About Contact Archives RSS Columns Photos

WAITING FOR BRET STEPHENS TO CALL

By Michelle Malkin  •  February 17, 2005 12:44 PM

Hey kids, check out my nifty new tagline above. (Thanks to my web guru, Mark Jaquith, for the design.) You like? I think it’s a keeper.

If you don’t get the allusion, click on the asterisk for a refresher and then come on back here and read on. I’ve got a calm, cool, and collected bit to say about this.

Wall Street Journal editorial writer Bret Stephens appeared on Hugh Hewitt’s radio show last night to defend his paper’s strange and snotty treatment of the Eason Jordan “kerfuffle.” (Full transcript at Radioblogger.)

I found the following remarks, in which the cheesed-off Stephens contrasts what he considers irresponsible bloggers with their grown-up MSM counterparts, particularly amusing:

If someone is going to get attacked, and attacked really viciously, I think there is an obligation to give the other guy a chance to give his side of the story.

“This is what we here at the Wall Street Journal try to do,” Stephens told Hewitt, as opposed to the meanie, non-professional bloggers who raised questions about Stephens’ possible conflict of interest in the matter.

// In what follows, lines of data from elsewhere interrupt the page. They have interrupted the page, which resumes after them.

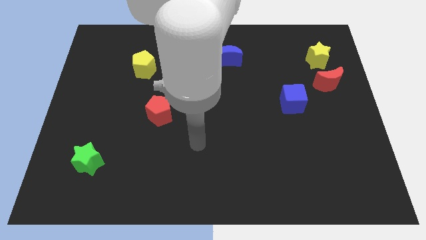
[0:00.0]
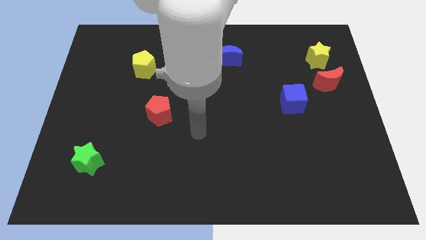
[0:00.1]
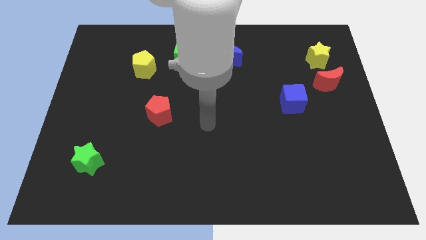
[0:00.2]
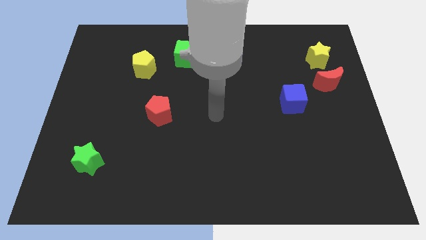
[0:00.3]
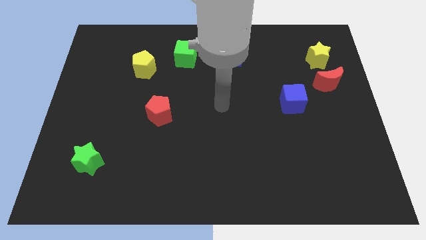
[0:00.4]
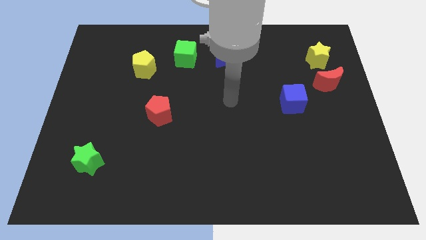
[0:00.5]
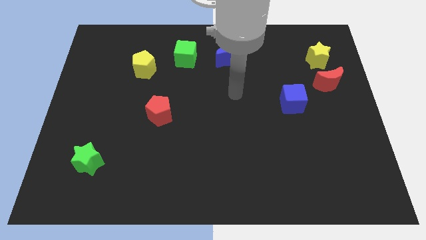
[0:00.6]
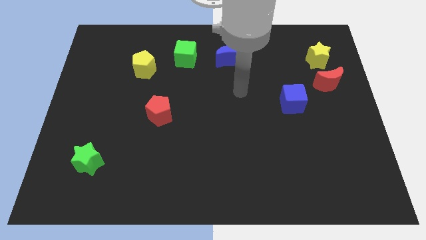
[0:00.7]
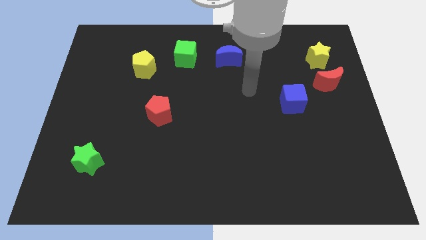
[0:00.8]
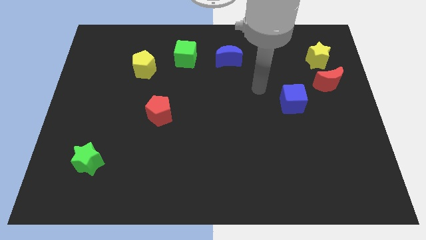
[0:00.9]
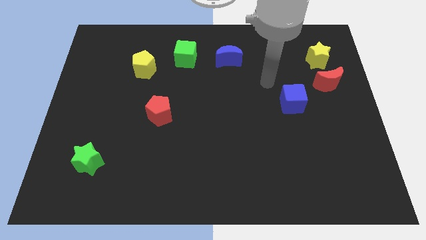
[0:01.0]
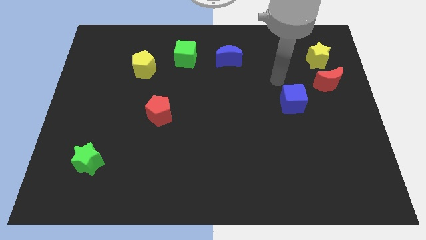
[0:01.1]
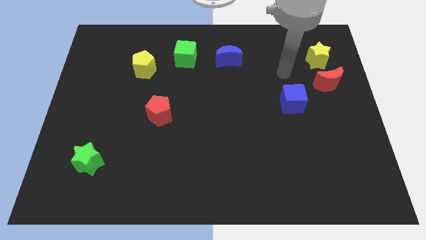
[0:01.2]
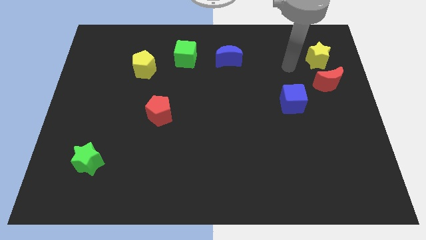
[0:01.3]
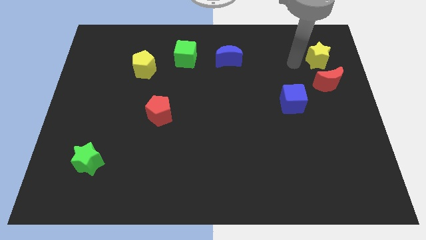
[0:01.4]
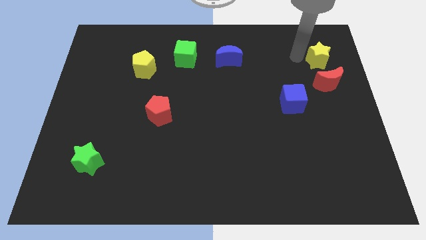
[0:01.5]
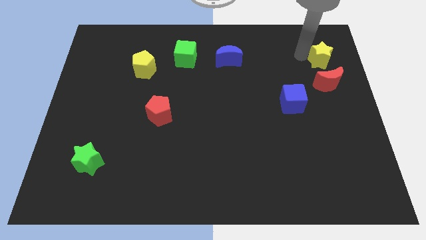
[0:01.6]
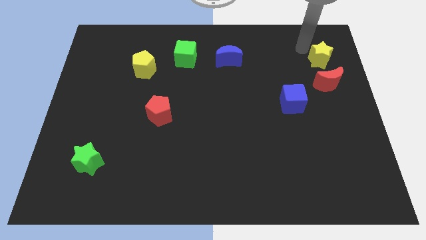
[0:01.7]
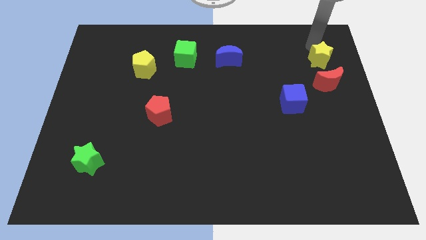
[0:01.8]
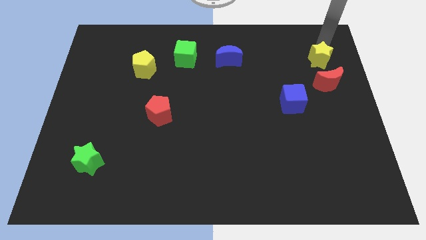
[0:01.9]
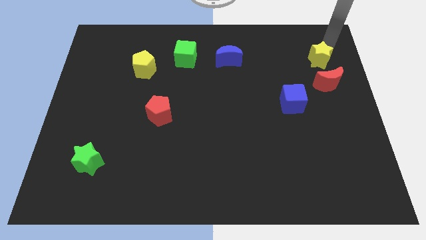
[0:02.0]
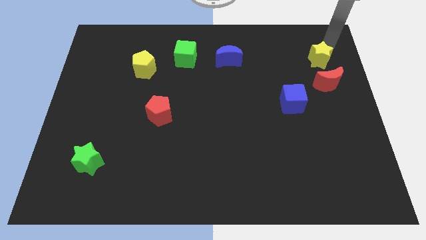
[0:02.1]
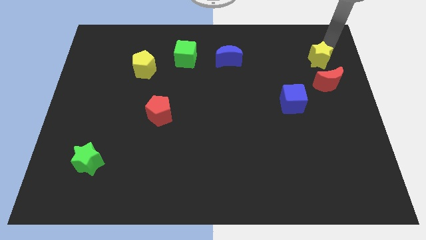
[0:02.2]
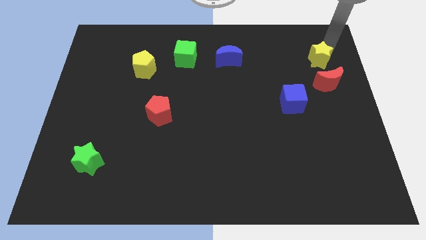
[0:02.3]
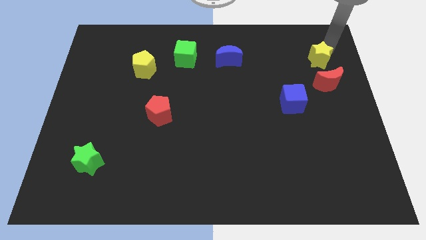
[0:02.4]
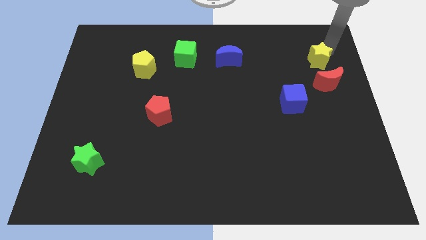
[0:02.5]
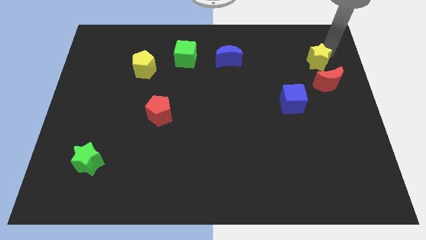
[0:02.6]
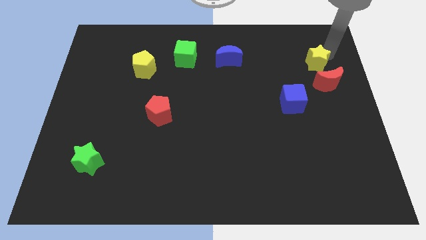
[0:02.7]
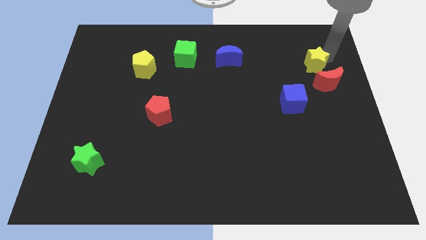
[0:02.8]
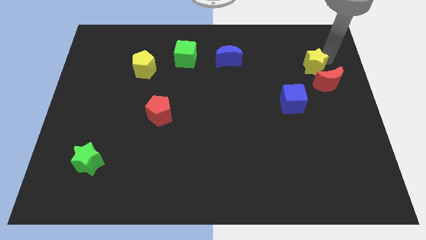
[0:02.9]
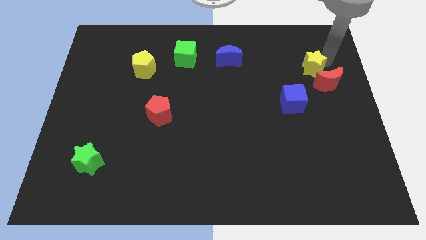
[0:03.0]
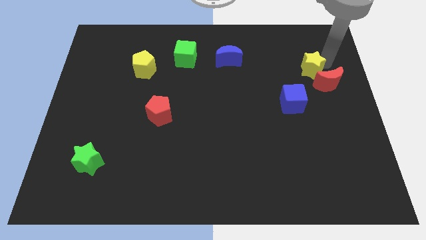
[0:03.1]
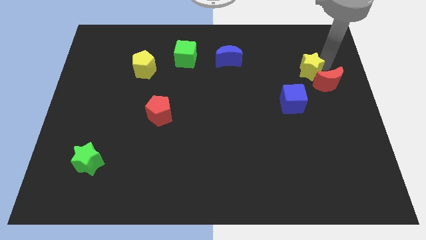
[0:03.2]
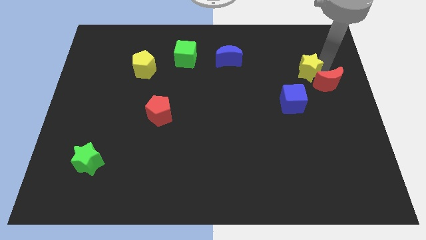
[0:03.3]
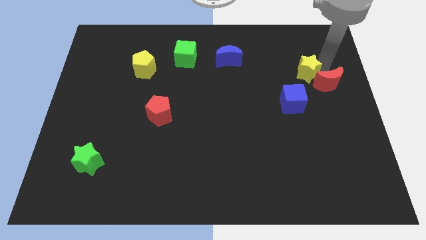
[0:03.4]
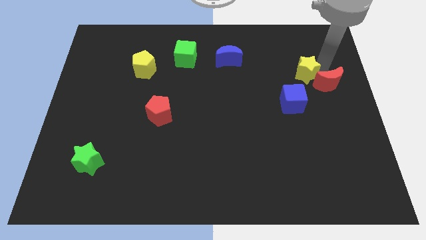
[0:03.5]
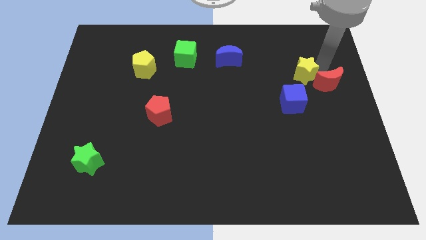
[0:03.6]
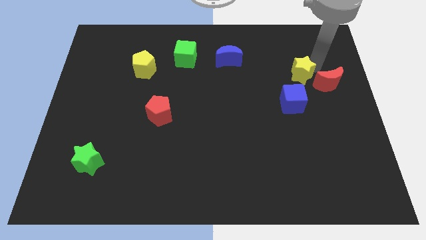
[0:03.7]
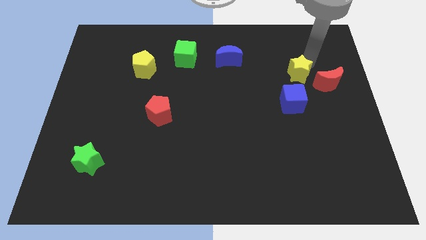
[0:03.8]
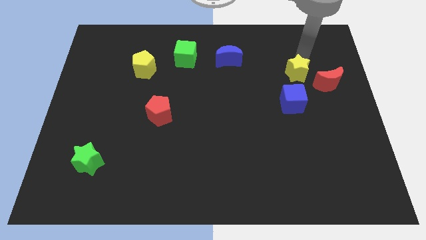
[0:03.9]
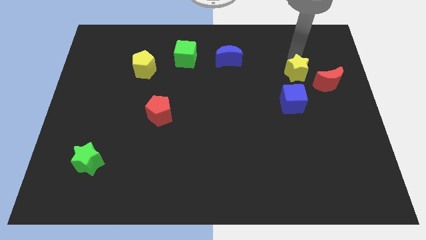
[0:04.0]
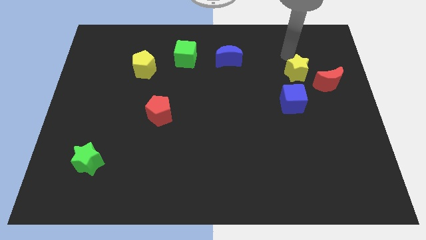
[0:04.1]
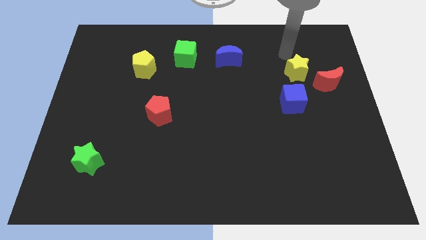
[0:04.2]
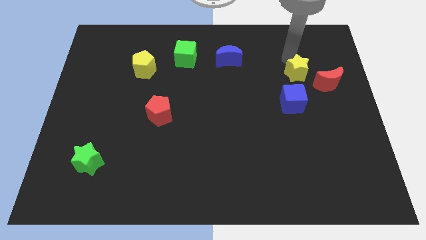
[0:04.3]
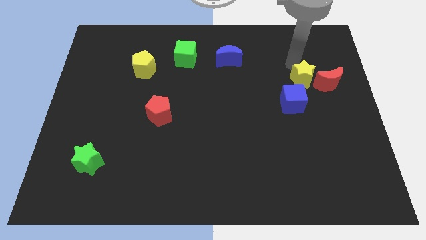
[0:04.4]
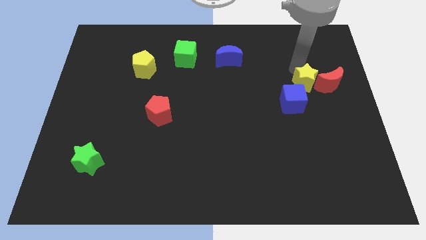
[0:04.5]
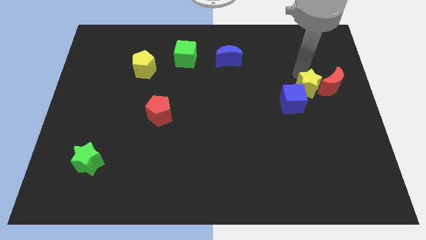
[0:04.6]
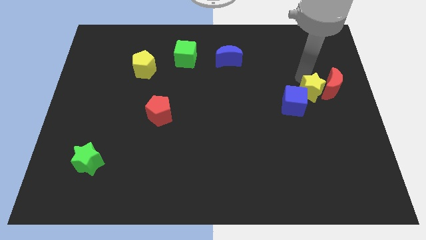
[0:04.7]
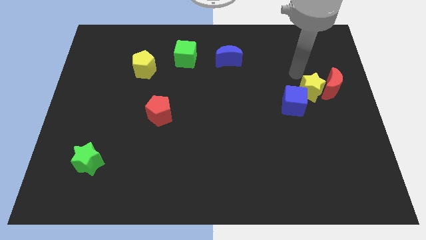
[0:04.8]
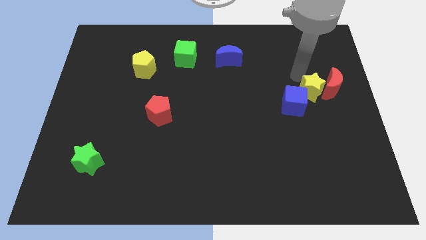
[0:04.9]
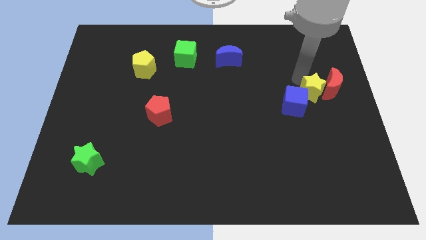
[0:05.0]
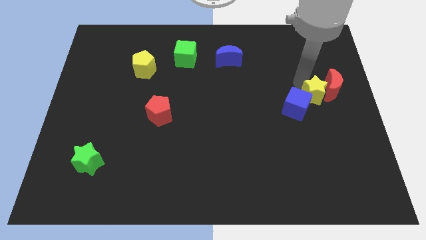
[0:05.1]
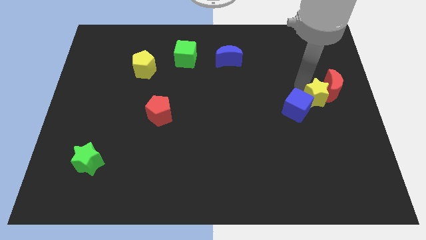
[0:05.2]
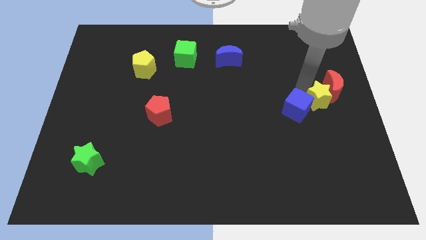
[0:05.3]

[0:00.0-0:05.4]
put the yellow star below the red moon

Oh, really? Because I didn’t get any phone call or e-mail from Stephens before he singled me out by name for a noxious personal attack in his Feb. 10 op-ed, which pooh-poohed the reporting on the Eason Jordan story done by us immature, amateur blogger-types. Reminder:

Did Eason Jordan, chief news executive of CNN, actually say the American military has deliberately killed journalists covering the conflict in Iraq?

It’s a serious question, at least to judge by the heat it’s generated. Google “Easongate” and you get 2,500 results. There is an Easongate.com Web site, on which more than 1,000 petitioners demand that Mr. Jordan release a transcript of his remarks–made recently in Davos–by Feb. 15 or, in the manner of Saddam Hussein, face serious consequences. Sean Hannity and the usual Internet suspects have all weighed in. So has Michelle Malkin, who sits suspended somewhere between meltdown and release.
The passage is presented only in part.